Profile: British Energy FD Keith Lough
By the time you read this, British Energy might not be here. Or at least not in its present form - as the days tick by after securing a government-backed loan of £410m, which expires tomorrow.
By the time you read this, British Energy might not be here. Or at least not in its present form - as the days tick by after securing a government-backed loan of £410m, which expires tomorrow.
The possibility of the plug being pulled has loomed ever larger at the nuclear energy generator. One can very easily visualise the men in grey queuing up outside the head office in East Kilbride to be appointed as administrators to the company.
But there’s one money man who will be hoping the corporate undertakers will be kept at bay. Step forward Keith Lough, British Energy’s finance director, a man who has been in the financial hotseat for just over a year.
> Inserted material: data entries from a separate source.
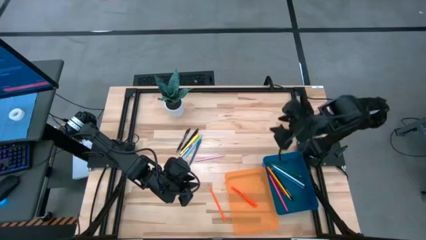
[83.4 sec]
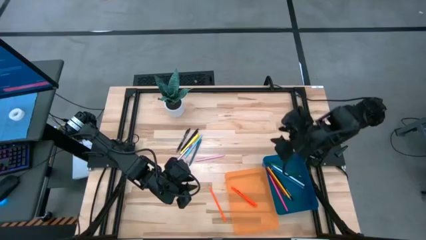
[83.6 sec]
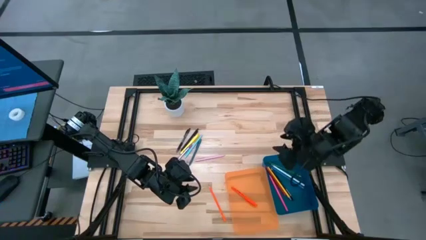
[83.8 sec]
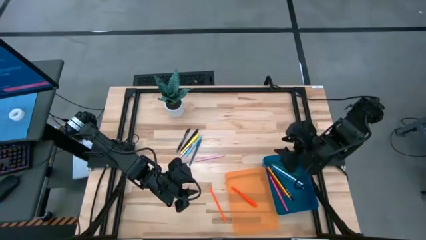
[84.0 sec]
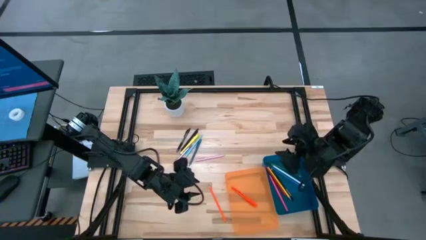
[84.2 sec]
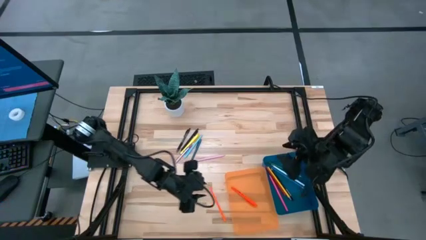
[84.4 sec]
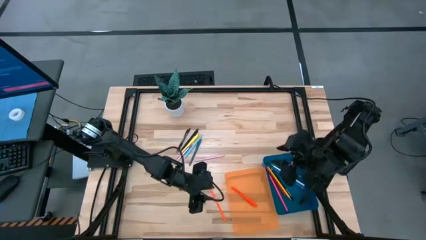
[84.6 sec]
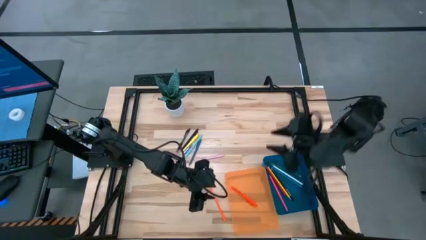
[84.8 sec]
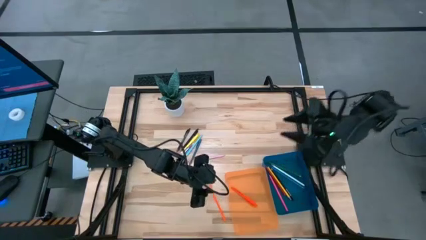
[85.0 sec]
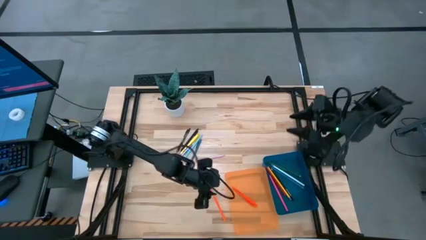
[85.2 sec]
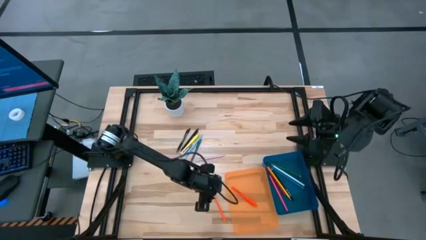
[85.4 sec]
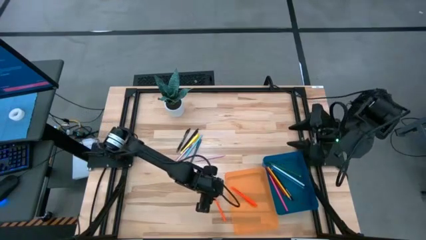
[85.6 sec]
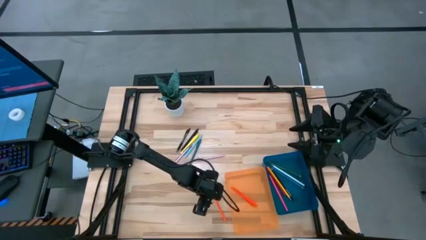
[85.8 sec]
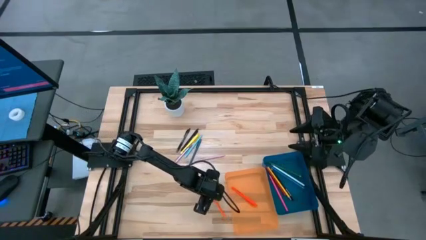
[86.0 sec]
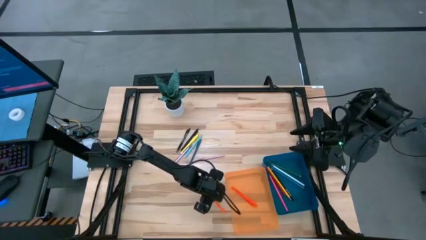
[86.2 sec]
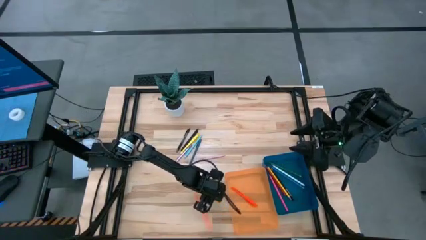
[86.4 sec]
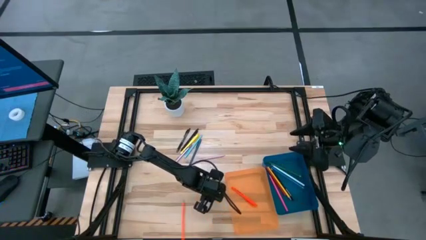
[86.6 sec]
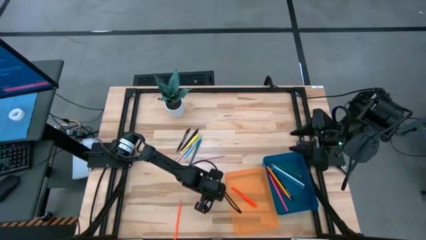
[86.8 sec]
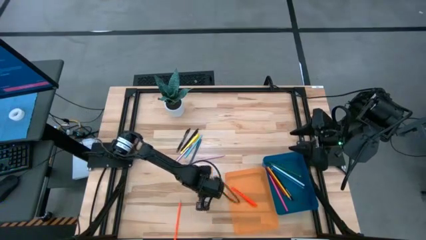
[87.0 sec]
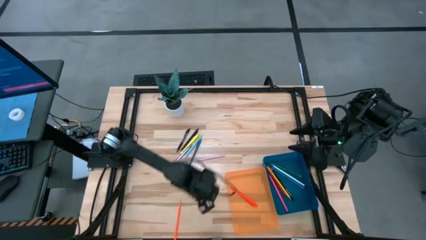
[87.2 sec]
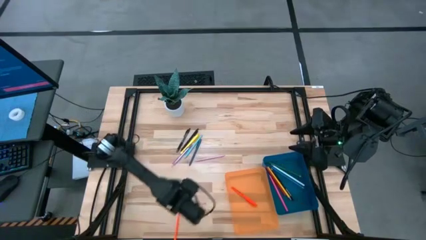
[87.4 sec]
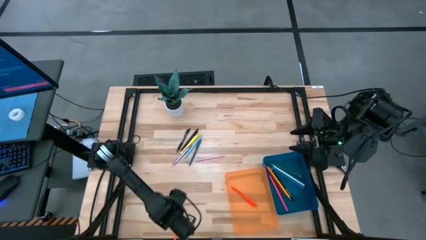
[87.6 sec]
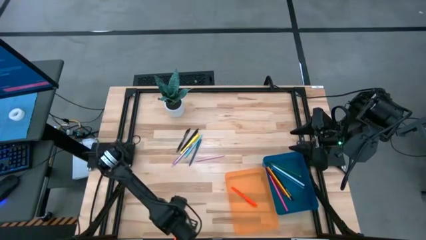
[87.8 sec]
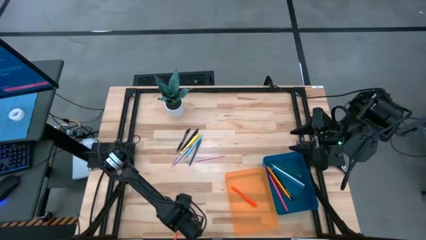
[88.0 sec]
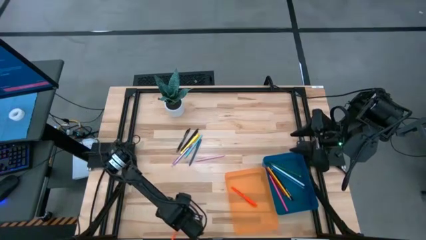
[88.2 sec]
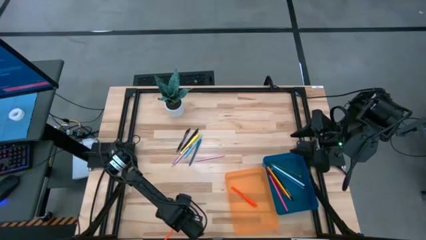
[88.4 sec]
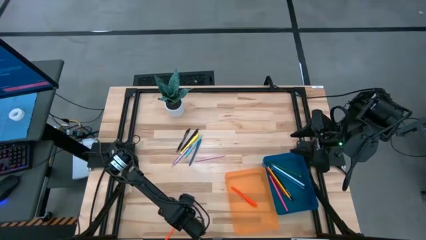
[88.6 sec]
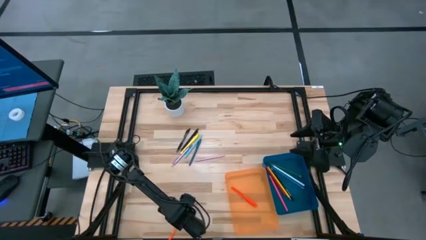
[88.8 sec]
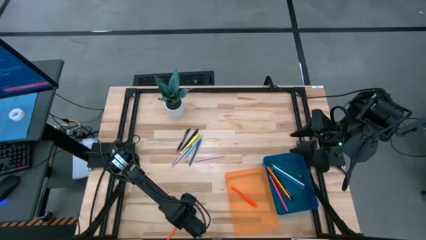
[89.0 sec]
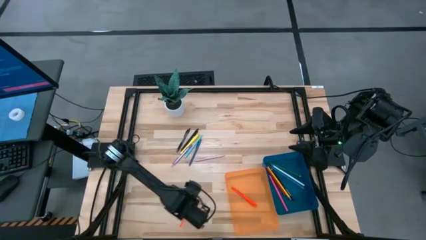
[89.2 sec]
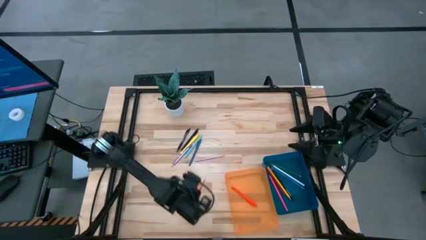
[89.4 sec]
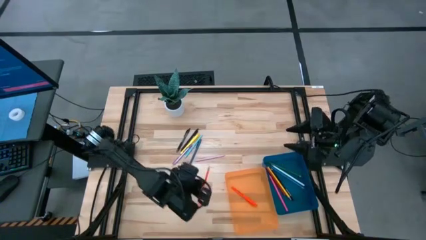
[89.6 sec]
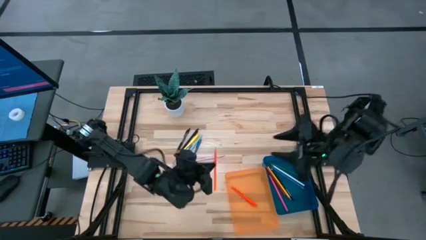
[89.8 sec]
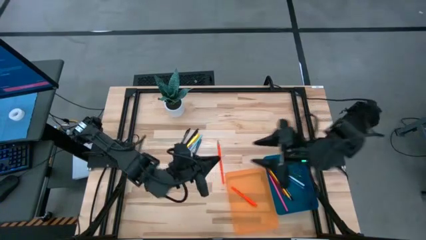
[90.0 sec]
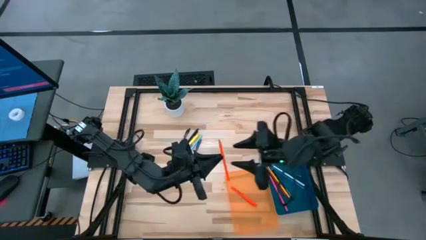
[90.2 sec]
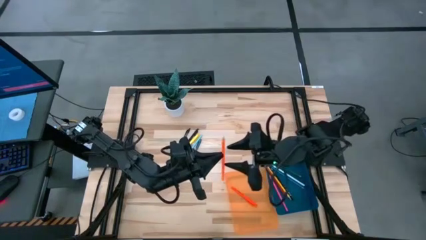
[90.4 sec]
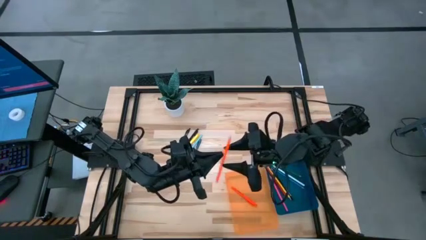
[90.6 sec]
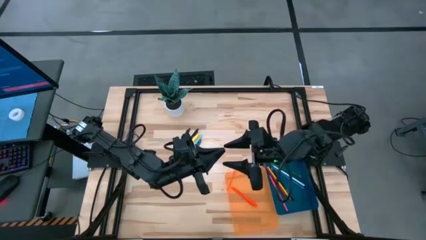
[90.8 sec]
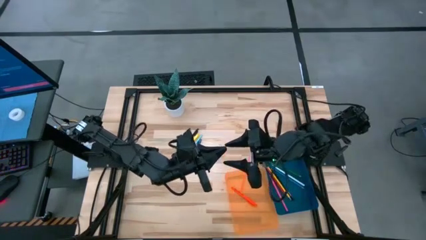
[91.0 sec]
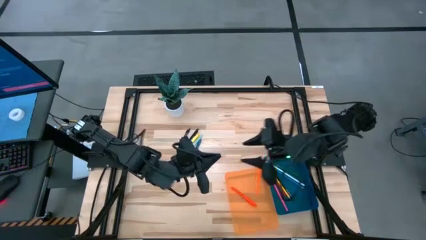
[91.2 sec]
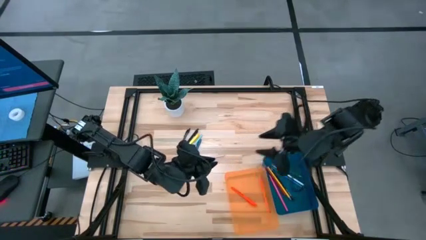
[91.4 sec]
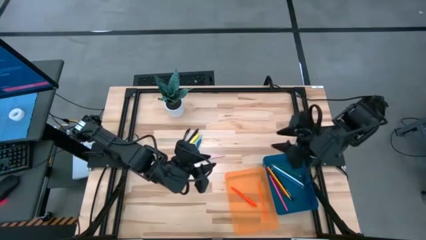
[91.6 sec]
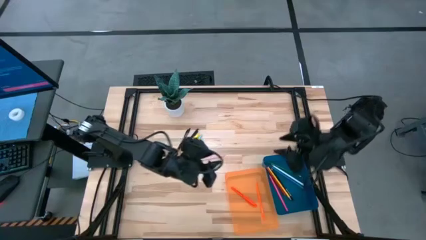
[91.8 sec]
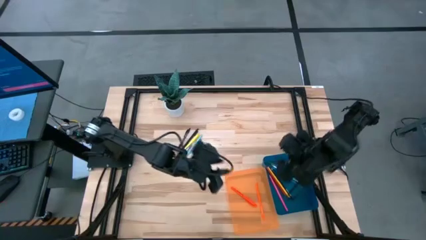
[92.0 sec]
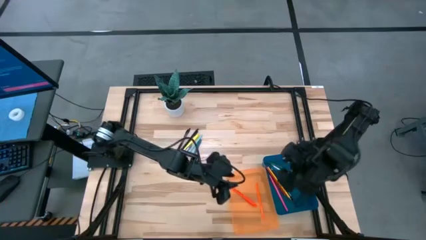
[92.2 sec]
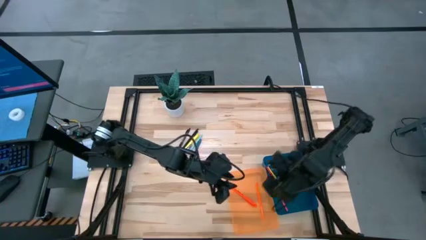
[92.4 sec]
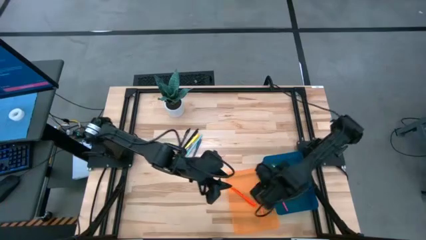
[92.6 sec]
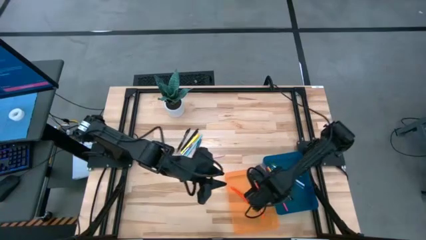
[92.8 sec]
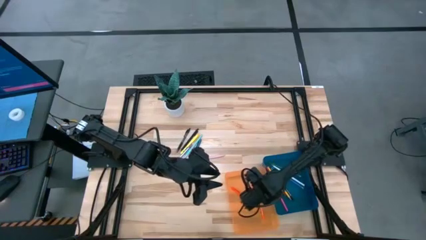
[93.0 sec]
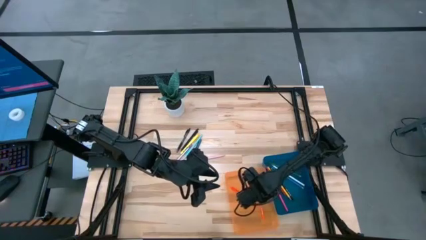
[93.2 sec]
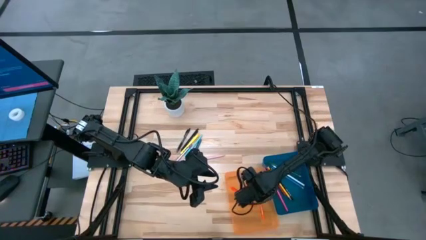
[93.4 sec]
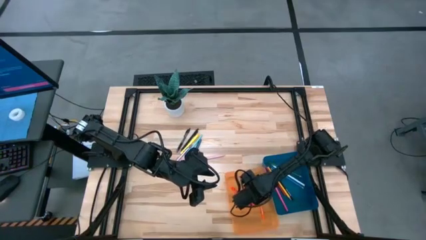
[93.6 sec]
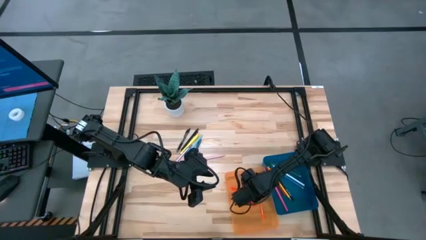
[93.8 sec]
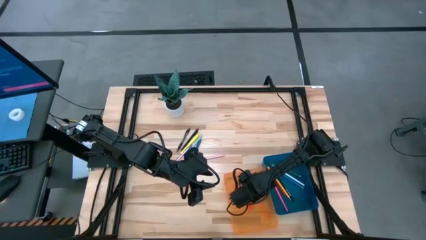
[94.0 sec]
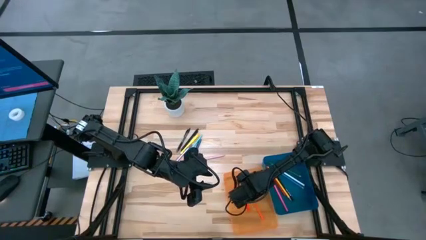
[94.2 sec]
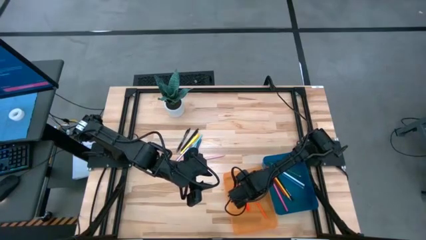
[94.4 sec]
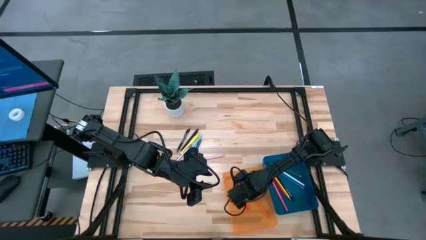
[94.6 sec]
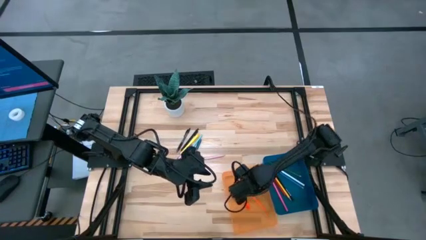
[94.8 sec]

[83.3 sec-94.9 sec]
Task: Sort pens & pencils
Put the orange pencil into the blue bin

Lough (as in ‘how Lough can the share price go?’ one observer quipped) came to the struggling company last September from Hurricane Hydrocarbons, the Kazakhstan oil exploration and refinery company.
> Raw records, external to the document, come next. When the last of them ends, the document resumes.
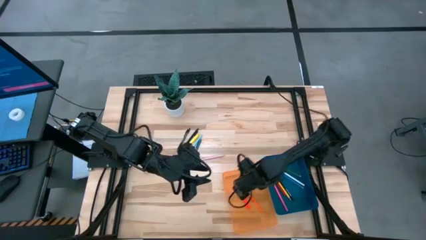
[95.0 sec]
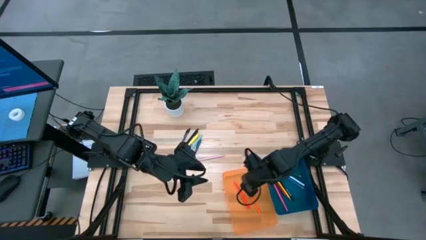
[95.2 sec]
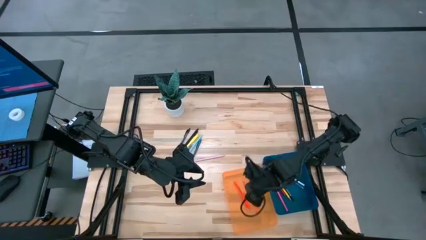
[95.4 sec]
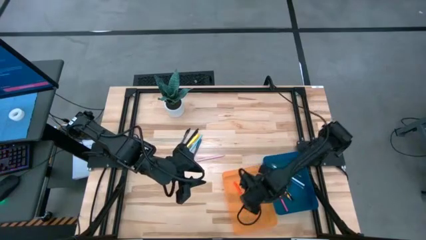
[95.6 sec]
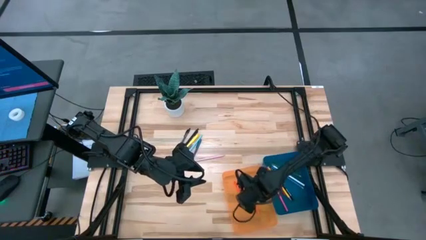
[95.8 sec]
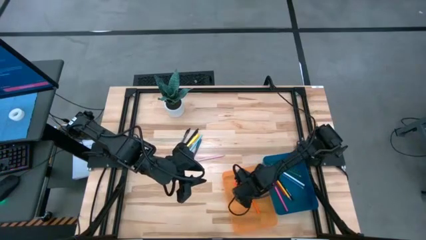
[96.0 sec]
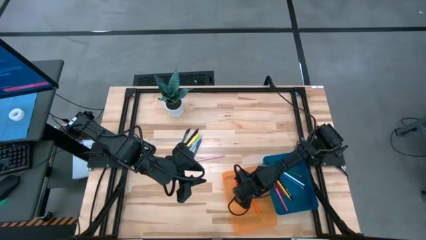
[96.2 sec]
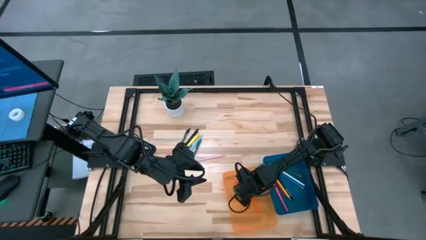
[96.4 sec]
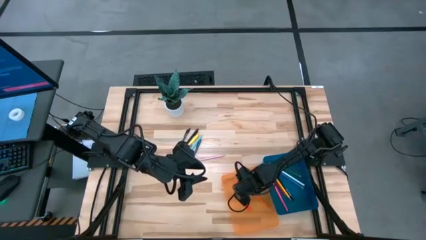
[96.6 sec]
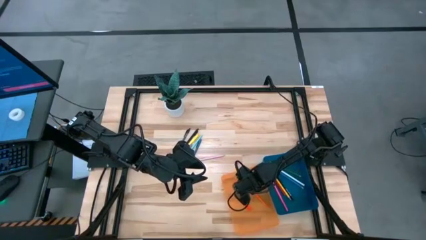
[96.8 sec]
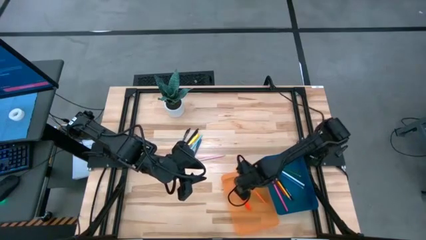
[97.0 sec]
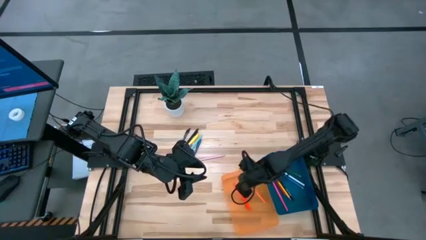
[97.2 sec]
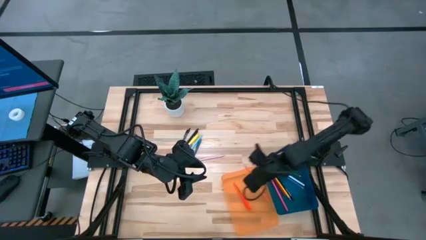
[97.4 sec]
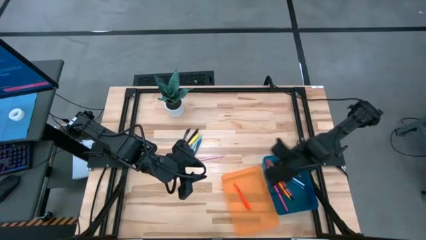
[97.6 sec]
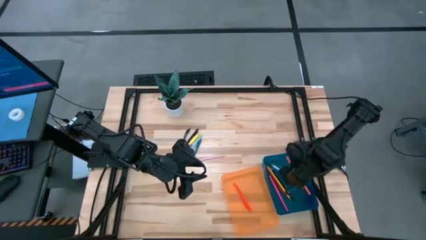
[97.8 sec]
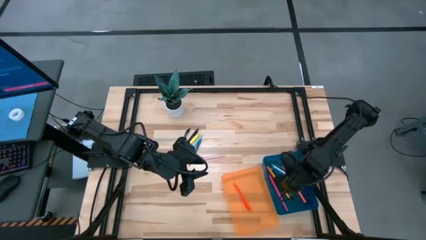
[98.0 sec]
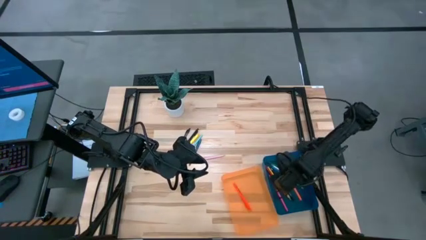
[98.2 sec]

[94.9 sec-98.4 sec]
Put the orange pencil into the blue bin

An energy man through and through, Lough also did time at Lasmo, another oil exploration company that was subject to a takeover bid from the Italian energy company Eni in 2000, and British Gas.
But dealing with the Kazakhstanis will be nothing compared with the pressure Lough now faces, as he and his executive chairman, Robin Jeffery, battle to keep the turbines turning.
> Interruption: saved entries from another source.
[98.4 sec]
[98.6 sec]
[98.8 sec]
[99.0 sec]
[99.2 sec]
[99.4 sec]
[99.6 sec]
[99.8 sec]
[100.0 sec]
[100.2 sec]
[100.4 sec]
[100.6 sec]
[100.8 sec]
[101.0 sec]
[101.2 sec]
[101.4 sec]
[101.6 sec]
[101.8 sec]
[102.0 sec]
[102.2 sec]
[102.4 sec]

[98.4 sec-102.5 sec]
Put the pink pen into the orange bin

Part of Lough’s tactics has been to argue that the company could charge higher prices if its business customers were not required to pay a climate change levy – this adds more than £4 a megawatt-hour to each bill.
If the businesses were not required to pay the levy, British Energy would be able to charge more, but the businesses themselves would still pay less.
This would allow the generator to cover its costs of production, which at £19.46 a megawatt-hour is more than it can currently charge its customers.British Energy argues that its electricity should be exempt from the levy as it does not produce carbon dioxide.
Such a move would save £100m a year.
But it appears that the Department of Trade & Industry may have lent the company the money, but is not lending a sympathetic ear.
Negotiations continue, but the DTI is refusing to rule out administration – the company might emerge from the other side of such a procedure, but whether its management team remains only time will tell.
British Energy said no-one, including Lough, was available for an interview – restructuring the finance is taking up all his energy.